* _Directions_
Match the string "image" against each line below, and copy every line that matches.

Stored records
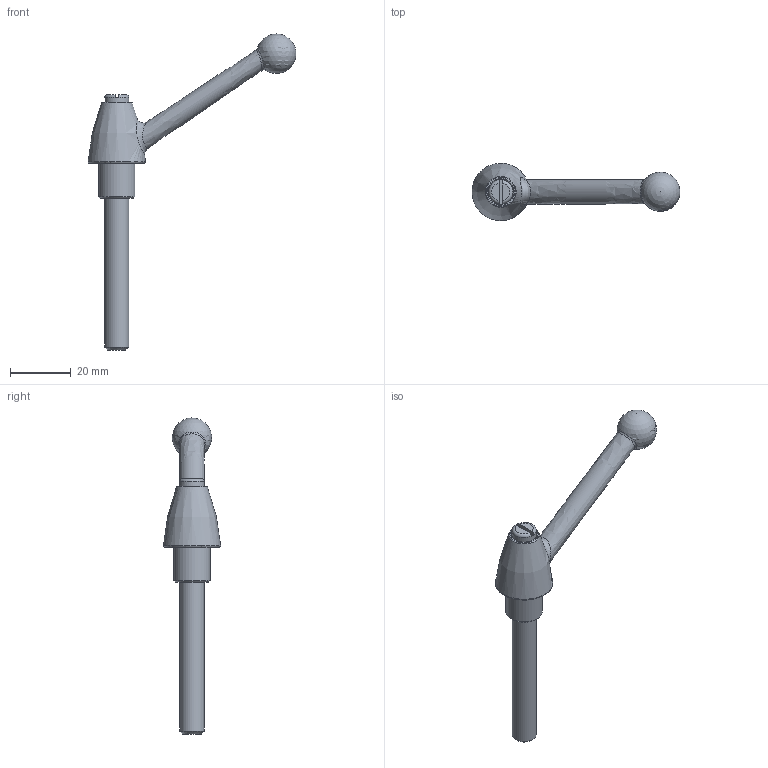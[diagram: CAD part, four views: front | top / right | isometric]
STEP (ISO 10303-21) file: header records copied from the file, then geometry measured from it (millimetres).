
FILE_DESCRIPTION( ( 'Unknown' ), '1' );
FILE_NAME( '7717115_J59_P_M08x50.stp', 'Unknown', ( 'Unknown' ), ( 'Unknown' ), 'PSStep 14.0', 'Unknown', ' ' );
FILE_SCHEMA( ( 'AUTOMOTIVE_DESIGN { 1 0 10303 214 1 1 1 1 }' ) );
Length unit declared in the file: millimetre
Products named in the file (1): 1
Bounding box: 68.39 x 18.84 x 104 mm (x, y, z)
Volume: 11001.9 mm3; surface area: 4738.7 mm2
Topology: 1 solids, 1 shells, 26 faces, 59 edges, 38 vertices
Faces by surface type: plane 10, bspline 6, cylinder 4, torus 3, cone 2, sphere 1
Full cylindrical faces by diameter (mm): 8 x2, 8.2 x1, 12 x1
Entity records: 6940 total; most frequent: CARTESIAN_POINT 6303, DIRECTION 78, ORIENTED_EDGE 64, EDGE_LOOP 44, AXIS2_PLACEMENT_3D 37, FACE_OUTER_BOUND 36, EDGE_CURVE 32, STYLED_ITEM 26
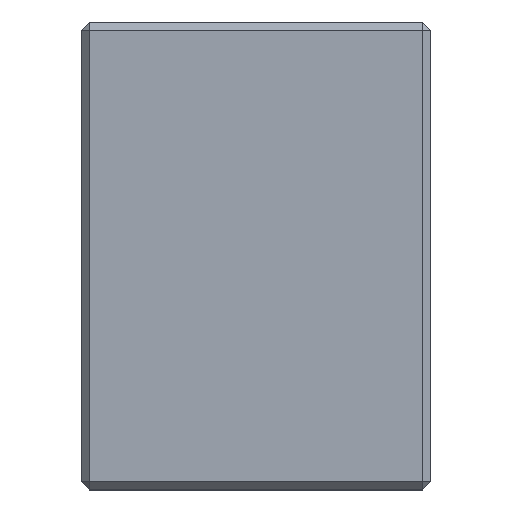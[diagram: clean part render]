
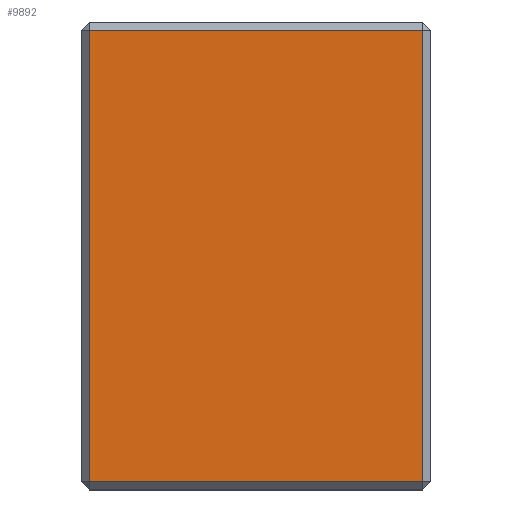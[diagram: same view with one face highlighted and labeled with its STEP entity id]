
A CAD part, left-side view. The second image highlights one B-rep face of the part: STEP entity #9892.
In plain terms, the highlighted planar face has unit normal (-1, 0, 0).
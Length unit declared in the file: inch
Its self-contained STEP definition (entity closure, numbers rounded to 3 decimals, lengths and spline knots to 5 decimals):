
#131 = DIRECTION ( 'NONE',  ( 0., 0., -1. ) ) ;
#203 = ORIENTED_EDGE ( 'NONE', *, *, #3161, .T. ) ;
#1183 = DIRECTION ( 'NONE',  ( 1., 0., 0. ) ) ;
#1560 = LINE ( 'NONE', #7009, #2203 ) ;
#1698 = DIRECTION ( 'NONE',  ( 0., -1., 0. ) ) ;
#2024 = VERTEX_POINT ( 'NONE', #4960 ) ;
#2203 = VECTOR ( 'NONE', #2796, 39.37008 ) ;
#2437 = ORIENTED_EDGE ( 'NONE', *, *, #8584, .T. ) ;
#2796 = DIRECTION ( 'NONE',  ( 0., 0., -1. ) ) ;
#3054 = DIRECTION ( 'NONE',  ( 0., 1., 0. ) ) ;
#3161 = EDGE_CURVE ( 'NONE', #10273, #13654, #1560, .T. ) ;
#3278 = VERTEX_POINT ( 'NONE', #6298 ) ;
#3861 = LINE ( 'NONE', #6025, #4765 ) ;
#4264 = LINE ( 'NONE', #7279, #7604 ) ;
#4765 = VECTOR ( 'NONE', #1698, 39.37008 ) ;
#4960 = CARTESIAN_POINT ( 'NONE',  ( 0., 0.01, 0.28134 ) ) ;
#5286 = ORIENTED_EDGE ( 'NONE', *, *, #5440, .T. ) ;
#5432 = PLANE ( 'NONE',  #13715 ) ;
#5440 = EDGE_CURVE ( 'NONE', #3278, #2024, #4264, .T. ) ;
#6025 = CARTESIAN_POINT ( 'NONE',  ( 0., 0.435, -0.28134 ) ) ;
#6162 = CARTESIAN_POINT ( 'NONE',  ( 0., 0.425, 0.28134 ) ) ;
#6298 = CARTESIAN_POINT ( 'NONE',  ( 0., 0.01, -0.28134 ) ) ;
#7009 = CARTESIAN_POINT ( 'NONE',  ( 0., 0.425, 0.29134 ) ) ;
#7279 = CARTESIAN_POINT ( 'NONE',  ( 0., 0.01, 0.29134 ) ) ;
#7377 = CARTESIAN_POINT ( 'NONE',  ( 0., 0.425, -0.28134 ) ) ;
#7604 = VECTOR ( 'NONE', #12744, 39.37008 ) ;
#8584 = EDGE_CURVE ( 'NONE', #2024, #10273, #12661, .T. ) ;
#8779 = VECTOR ( 'NONE', #3054, 39.37008 ) ;
#8849 = EDGE_LOOP ( 'NONE', ( #2437, #203, #11458, #5286 ) ) ;
#9892 = ADVANCED_FACE ( 'NONE', ( #10394 ), #5432, .F. ) ;
#10273 = VERTEX_POINT ( 'NONE', #6162 ) ;
#10394 = FACE_OUTER_BOUND ( 'NONE', #8849, .T. ) ;
#10758 = CARTESIAN_POINT ( 'NONE',  ( 0., 0.435, 0.29134 ) ) ;
#11458 = ORIENTED_EDGE ( 'NONE', *, *, #11988, .T. ) ;
#11464 = CARTESIAN_POINT ( 'NONE',  ( 0., 0.435, 0.28134 ) ) ;
#11988 = EDGE_CURVE ( 'NONE', #13654, #3278, #3861, .T. ) ;
#12661 = LINE ( 'NONE', #11464, #8779 ) ;
#12744 = DIRECTION ( 'NONE',  ( 0., 0., 1. ) ) ;
#13654 = VERTEX_POINT ( 'NONE', #7377 ) ;
#13715 = AXIS2_PLACEMENT_3D ( 'NONE', #10758, #1183, #131 ) ;
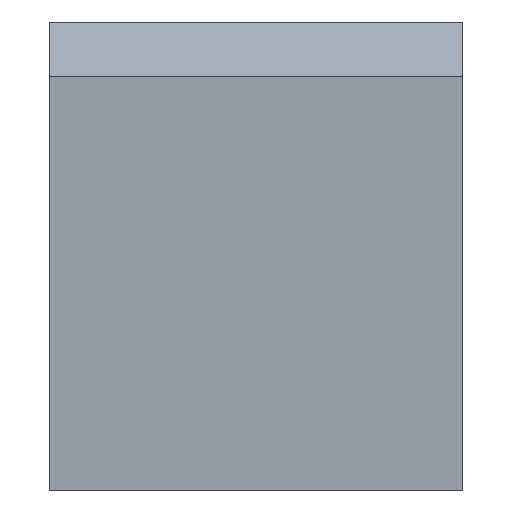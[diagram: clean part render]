
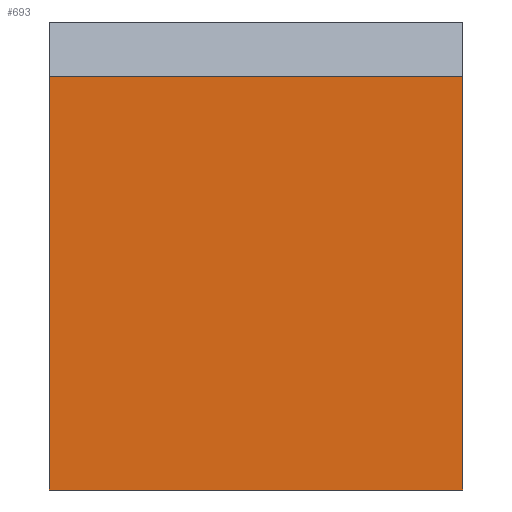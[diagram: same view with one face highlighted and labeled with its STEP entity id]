
A CAD part, front view. The second image highlights one B-rep face of the part: STEP entity #693.
In plain terms, the highlighted planar face has unit normal (0, -1, 0).
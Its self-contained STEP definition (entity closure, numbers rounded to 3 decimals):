
#522=CARTESIAN_POINT('',(1.331,-124.977,0.0));
#523=VERTEX_POINT('',#522);
#530=CARTESIAN_POINT('',(1.331,-124.977,-20.0));
#531=VERTEX_POINT('',#530);
#532=CARTESIAN_POINT('',(1.331,-124.977,-12.6));
#533=DIRECTION('',(0.0,0.0,-1.0));
#534=VECTOR('',#533,1.0);
#535=LINE('',#532,#534);
#536=EDGE_CURVE('n� 1348',#523,#531,#535,.T.);
#647=CARTESIAN_POINT('',(-18.669,-124.977,-20.0));
#648=VERTEX_POINT('',#647);
#649=CARTESIAN_POINT('',(-11.269,-124.977,-20.0));
#650=DIRECTION('',(1.0,0.0,0.0));
#651=VECTOR('',#650,1.0);
#652=LINE('',#649,#651);
#653=EDGE_CURVE('n� 1448',#648,#531,#652,.T.);
#670=ORIENTED_EDGE('',*,*,#536,.F.);
#671=CARTESIAN_POINT('',(-18.669,-124.977,0.0));
#672=VERTEX_POINT('',#671);
#673=CARTESIAN_POINT('',(-11.269,-124.977,0.0));
#674=DIRECTION('',(1.0,0.0,0.0));
#675=VECTOR('',#674,1.0);
#676=LINE('',#673,#675);
#677=EDGE_CURVE('n� 1465',#672,#523,#676,.T.);
#678=ORIENTED_EDGE('',*,*,#677,.F.);
#679=CARTESIAN_POINT('',(-18.669,-124.977,-12.6));
#680=DIRECTION('',(0.0,0.0,-1.0));
#681=VECTOR('',#680,1.0);
#682=LINE('',#679,#681);
#683=EDGE_CURVE('n� 1469',#672,#648,#682,.T.);
#684=ORIENTED_EDGE('',*,*,#683,.T.);
#685=ORIENTED_EDGE('',*,*,#653,.T.);
#686=EDGE_LOOP('',(#670,#678,#684,#685));
#687=FACE_OUTER_BOUND('',#686,.T.);
#688=CARTESIAN_POINT('',(-11.269,-124.977,-12.6));
#689=DIRECTION('',(-0.0,1.0,0.0));
#690=DIRECTION('',(1.0,0.0,0.0));
#691=AXIS2_PLACEMENT_3D('',#688,#689,#690);
#692=PLANE('',#691);
#693=ADVANCED_FACE('n� 1456',(#687),#692,.F.);
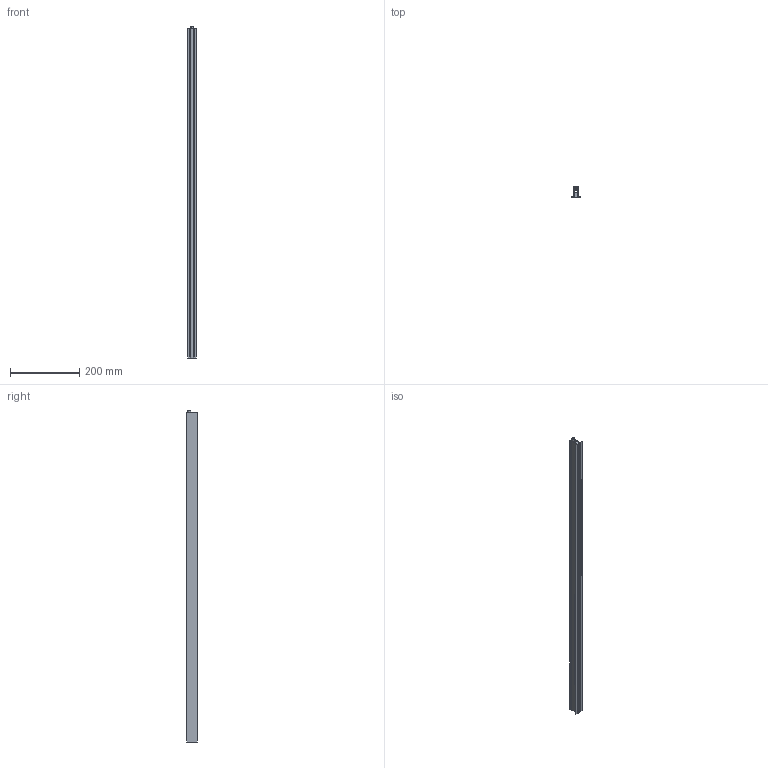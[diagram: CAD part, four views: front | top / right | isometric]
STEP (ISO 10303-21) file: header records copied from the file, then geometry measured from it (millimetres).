
FILE_DESCRIPTION (( 'STEP AP203' ), '1' );
FILE_NAME ('FT950_Plus.STEP', '2024-11-27T15:59:39', ( '' ), ( '' ), 'SwSTEP 2.0', 'SolidWorks 2023', '' );
FILE_SCHEMA (( 'CONFIG_CONTROL_DESIGN' ));
Length unit declared in the file: millimetre
Products named in the file (4): Innengeometrie_FT_plus_950; Aussengehäuse_FT_950; FT950_Plus; Betätigungsteil_FT
Assembly tree (3 placements, depth 2):
  FT950_Plus
    Aussengehäuse_FT_950
    Betätigungsteil_FT
    Innengeometrie_FT_plus_950
Bounding box: 25 x 31 x 958 mm (x, y, z)
Volume: 225367.2 mm3; surface area: 281527.8 mm2
Topology: 20 solids, 20 shells, 638 faces, 1786 edges, 1190 vertices
Faces by surface type: bspline 308, plane 307, cylinder 21, torus 2
Entity records: 35689 total; most frequent: CARTESIAN_POINT 20807, ORIENTED_EDGE 3572, DIRECTION 1890, EDGE_CURVE 1786, VERTEX_POINT 1190, LINE 1122, VECTOR 1122, EDGE_LOOP 718

* _Result of this exercise_
A CAD part, left-side view. The second image highlights one B-rep face of the part: STEP entity #9892.
A CAD part, front view. The second image highlights one B-rep face of the part: STEP entity #693.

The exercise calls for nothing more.